> **The problem**: Return only that part of the material below which starts with the line containing "share of the ground: > 75 %" and goes on through the line containing "longitude: 3.9721", restated exactly.

(Recorded data)

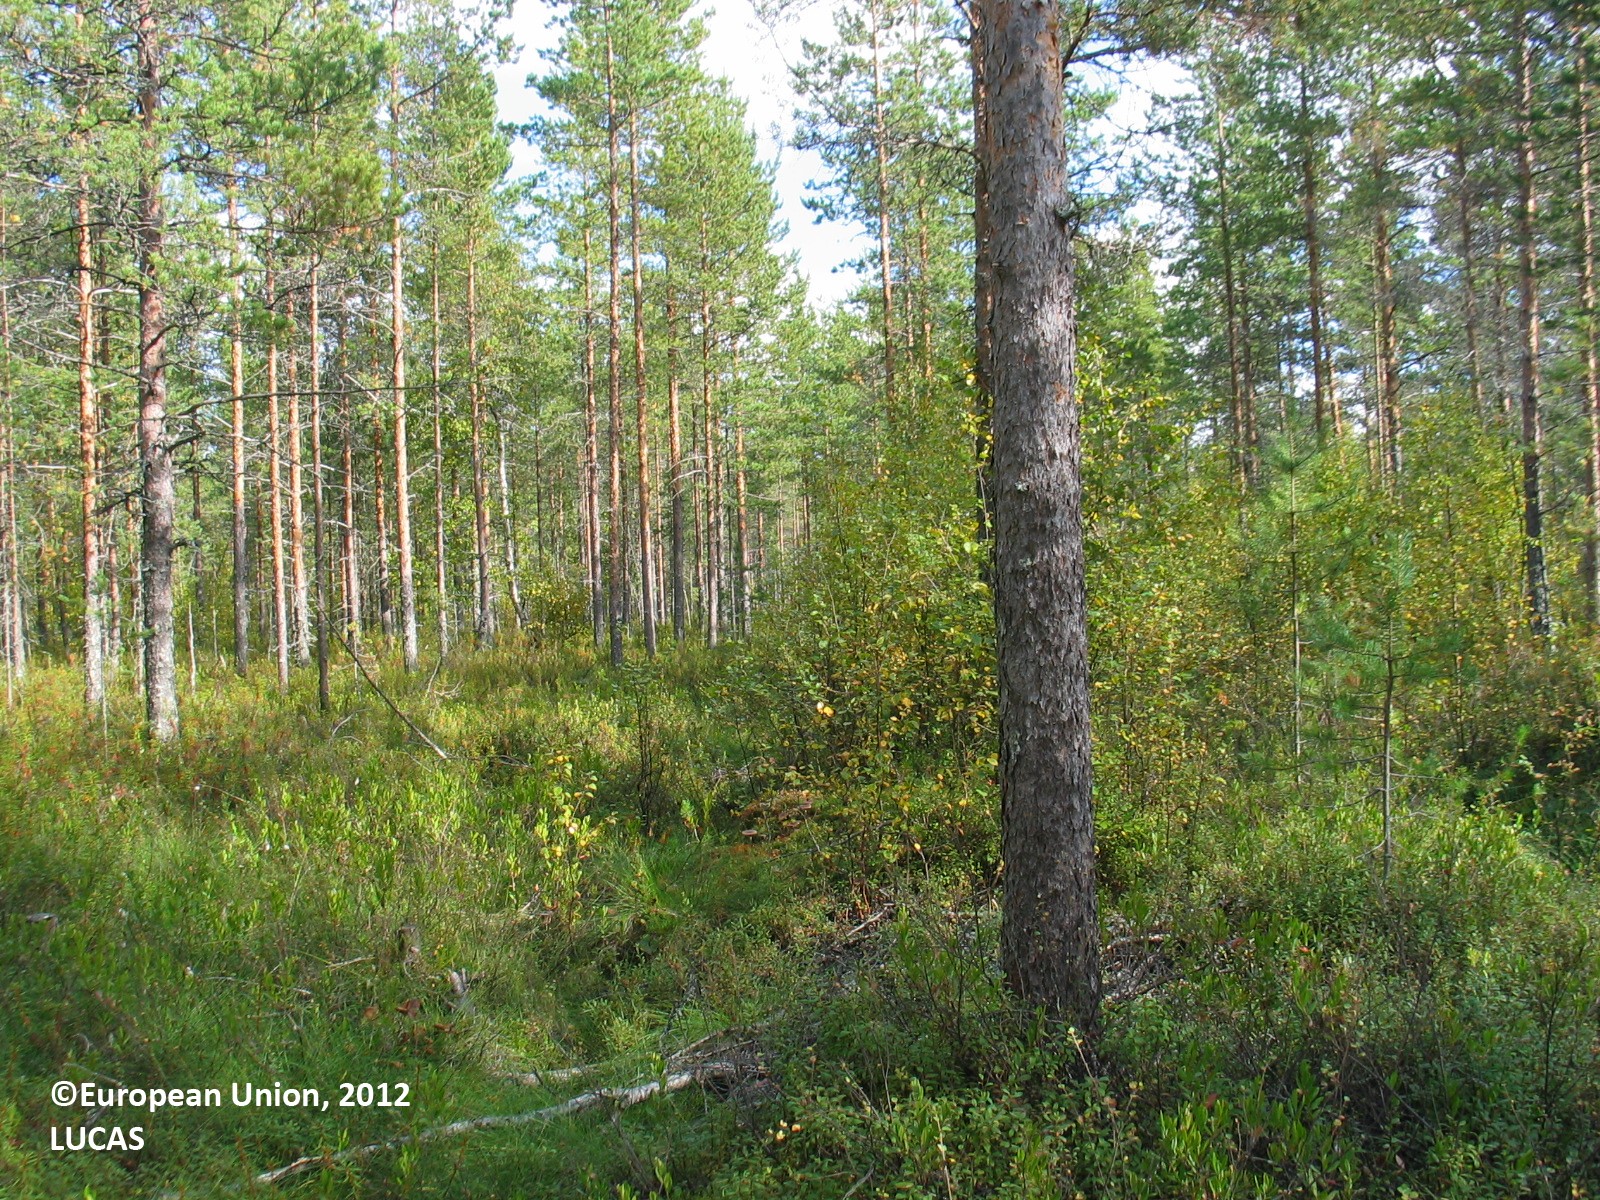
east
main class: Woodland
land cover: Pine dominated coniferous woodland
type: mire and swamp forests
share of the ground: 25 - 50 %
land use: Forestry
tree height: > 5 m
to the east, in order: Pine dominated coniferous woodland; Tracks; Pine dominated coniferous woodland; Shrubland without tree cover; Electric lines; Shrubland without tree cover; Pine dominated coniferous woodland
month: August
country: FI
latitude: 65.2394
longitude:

(End Recorded data)
(Recorded data)

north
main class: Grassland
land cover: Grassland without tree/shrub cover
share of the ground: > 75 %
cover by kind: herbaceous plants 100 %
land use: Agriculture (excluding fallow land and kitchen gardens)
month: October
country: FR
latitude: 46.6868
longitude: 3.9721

(End Recorded data)
(Recorded data)

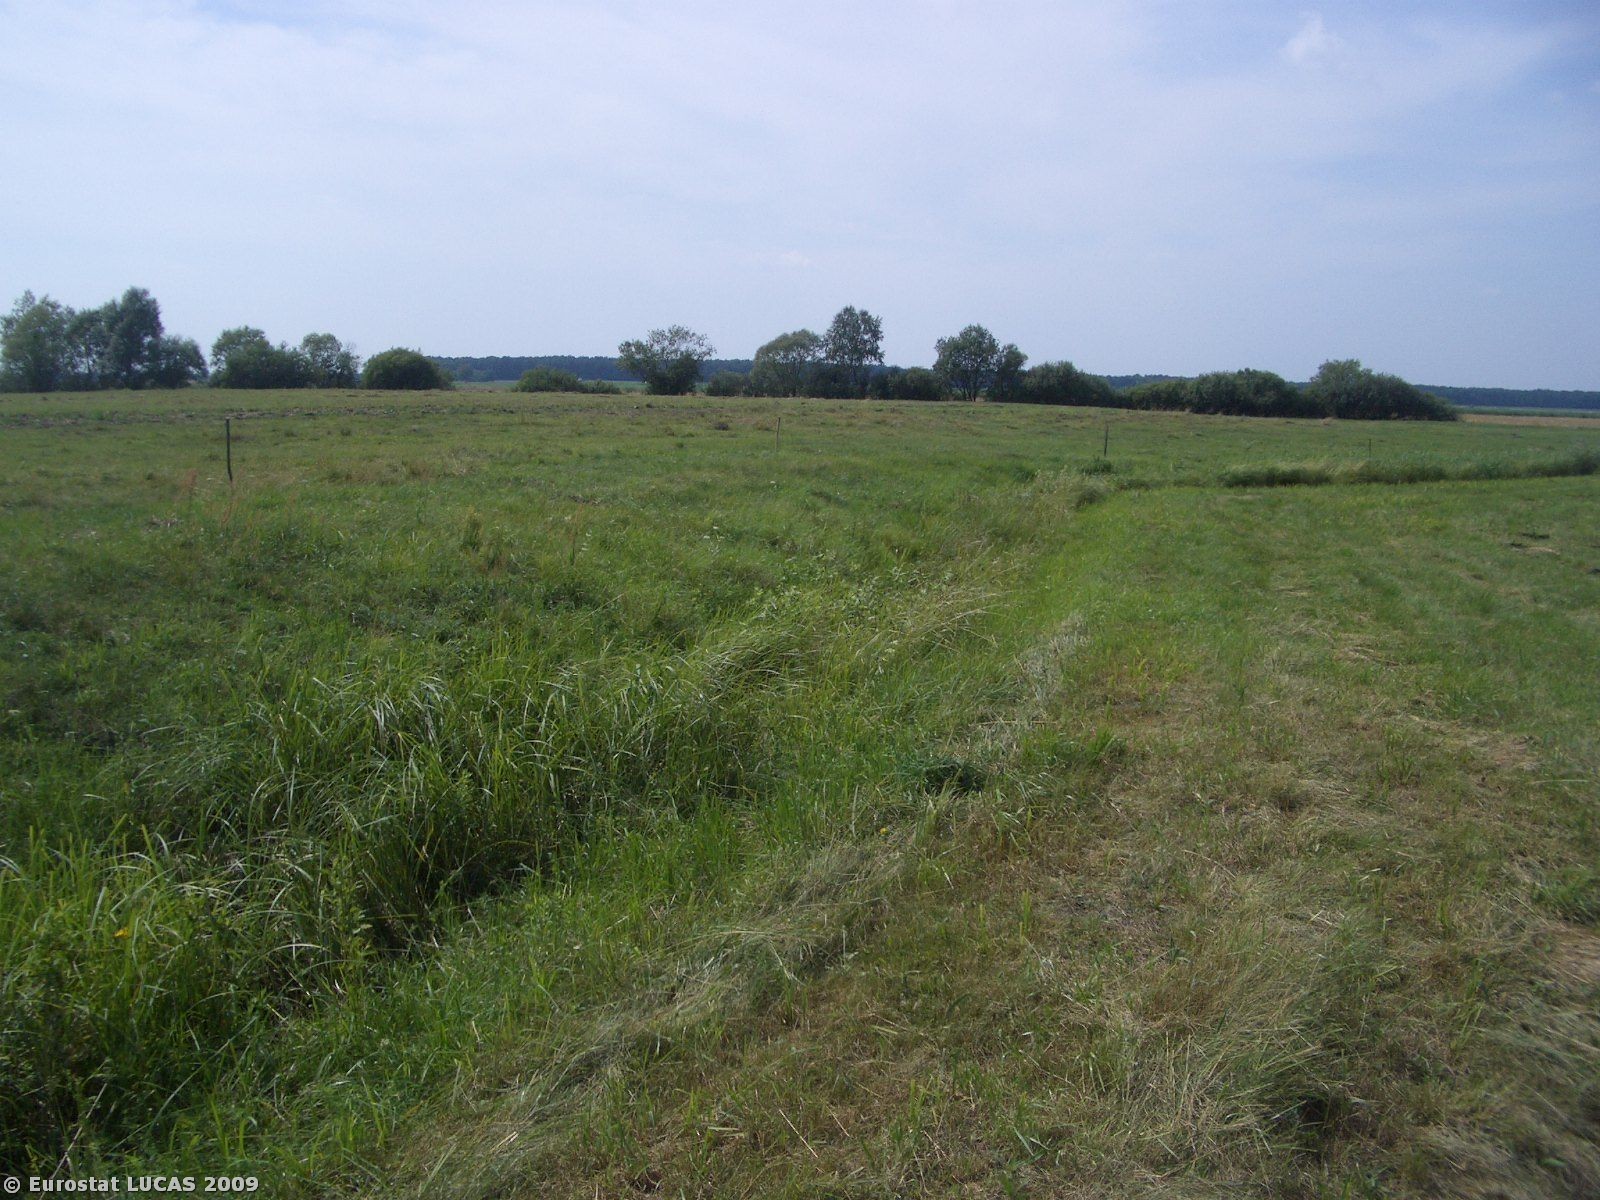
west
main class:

(End Recorded data)

> **Task result**:
share of the ground: > 75 %
cover by kind: herbaceous plants 100 %
land use: Agriculture (excluding fallow land and kitchen gardens)
month: October
country: FR
latitude: 46.6868
longitude: 3.9721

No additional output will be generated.